Asier Vallejo Ugarte

Palacio Euskalduna. 20-XI-2014. Temporada de la BOS. Juilliard String Quartet, cuarteto de cuerda. Sinfónica de Bilbao. Director: Erik Nielsen. Obras de Martinu, Elgar y Dvorák.

Martinu compuso La Bagarre (1926) al poco de su llegada a París, lo que se nota en la amalgama de influencias que en ella se pueden adivinar desde la energía rítmica de Stravinski hasta una poética que dirige su mirada al jazz.

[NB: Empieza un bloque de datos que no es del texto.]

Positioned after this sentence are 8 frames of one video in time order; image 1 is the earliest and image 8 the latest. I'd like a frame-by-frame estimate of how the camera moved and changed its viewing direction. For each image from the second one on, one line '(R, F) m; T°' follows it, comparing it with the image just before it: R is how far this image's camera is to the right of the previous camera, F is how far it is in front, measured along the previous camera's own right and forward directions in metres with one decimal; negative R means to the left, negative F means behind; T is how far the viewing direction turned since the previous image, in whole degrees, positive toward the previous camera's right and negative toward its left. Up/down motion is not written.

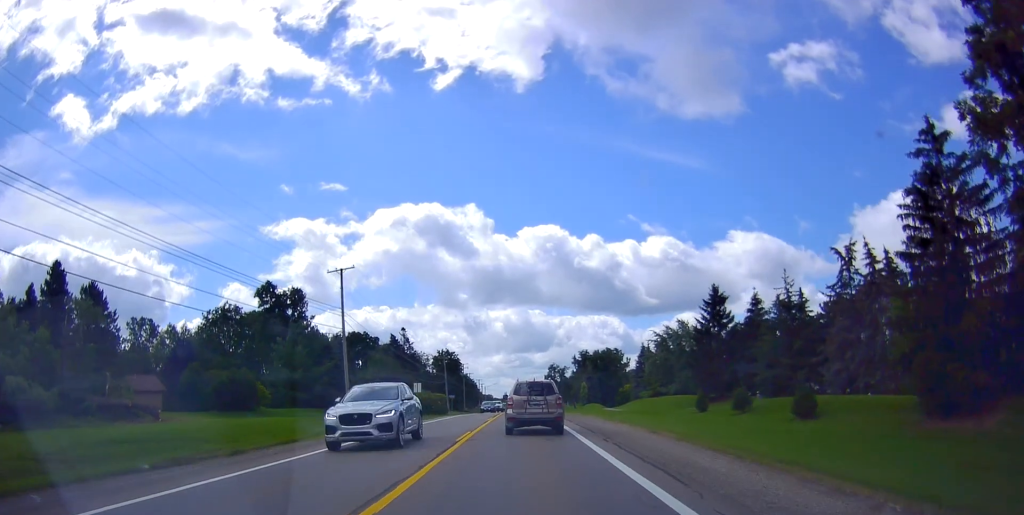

Para interpretar la obra, que desarrolla una imparable oleada sonora que se adereza con feroces infracciones armónicas, como si hablase de una suerte de tonalidad contraria a la tonalidad tradicional, Erik Nielsen sacó los mejores metales de una BOS pulida como un diamante, ¡qué buena vasalla cuando hay buen señor!

De esta gala se pudo recibir como se merece al mítico Juilliard String Quartet, que camina con paso firme hacia las siete décadas de historia. Durante un tiempo el Juilliard fue conocido por su estilo colérico e impetuoso, un estilo que marcó una época en los cuartetos más importantes del siglo XX, pero sus actuales miembros van abriendo el camino hacia una personalidad más amable. Dio la impresión de que la Introducción y Allegro para cuarteto y orquesta, op. 47 (1905) de Elgar, donde la escritura para las cuatro cuerdas se imbrica con total armonía en el entramado sinfónico, no se pudo tocar con mayor naturalidad, elegancia e incandescencia, de igual forma que en el Concierto para cuarteto y orquesta, H. 207 (1932) de Martinu afloraron a toda luz las raíces líricas propias de un viaje al barroco italiano que atraviesa toda la tradición romántica.

La Octava (1889) de Dvorák, sin gozar de la popularidad de la Novena, tiene una presencia casi masiva en las salas de conciertos, pero es de esas obras felices y de cielo abierto que, por sus melodías luminosas, sus colores vivos, sus brisas populares y sus tonalidades diáfanas, no saturan lo más mínimo. Hay en ella cantos aventados que dan aire a la música y Nielsen, frente a una BOS tremendamente estimulada, los supo prender con iguales dosis de clase y bravura, potenciando una direccionalidad que labró gradaciones monumentales e instantes de una serenidad profunda.